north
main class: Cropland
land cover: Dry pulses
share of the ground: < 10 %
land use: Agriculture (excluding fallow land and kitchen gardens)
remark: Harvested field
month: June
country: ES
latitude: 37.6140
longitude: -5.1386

--

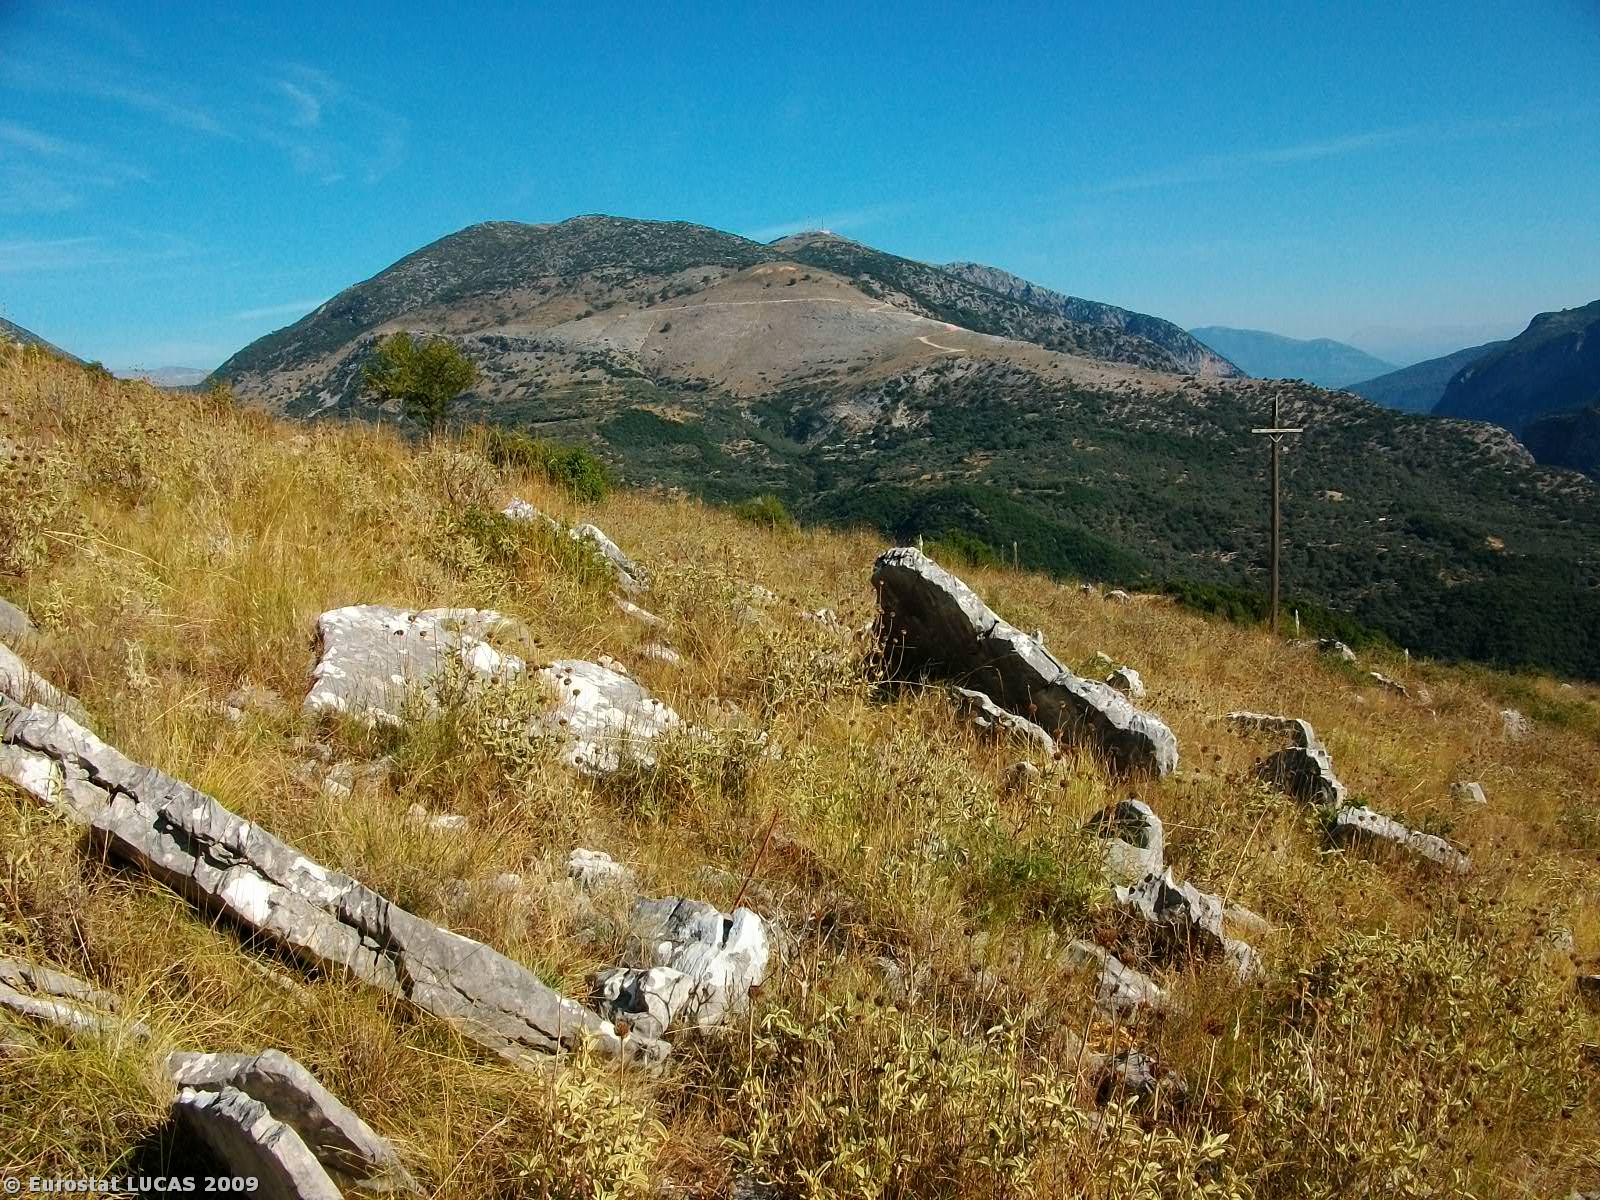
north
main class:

**What you should do:** As listed above, the lines from the line with "share of the ground: < 10 %" to the line with "longitude: -5.1386" are to be echoed exactly, with both ends included and nothing added.

**Task result:**
share of the ground: < 10 %
land use: Agriculture (excluding fallow land and kitchen gardens)
remark: Harvested field
month: June
country: ES
latitude: 37.6140
longitude: -5.1386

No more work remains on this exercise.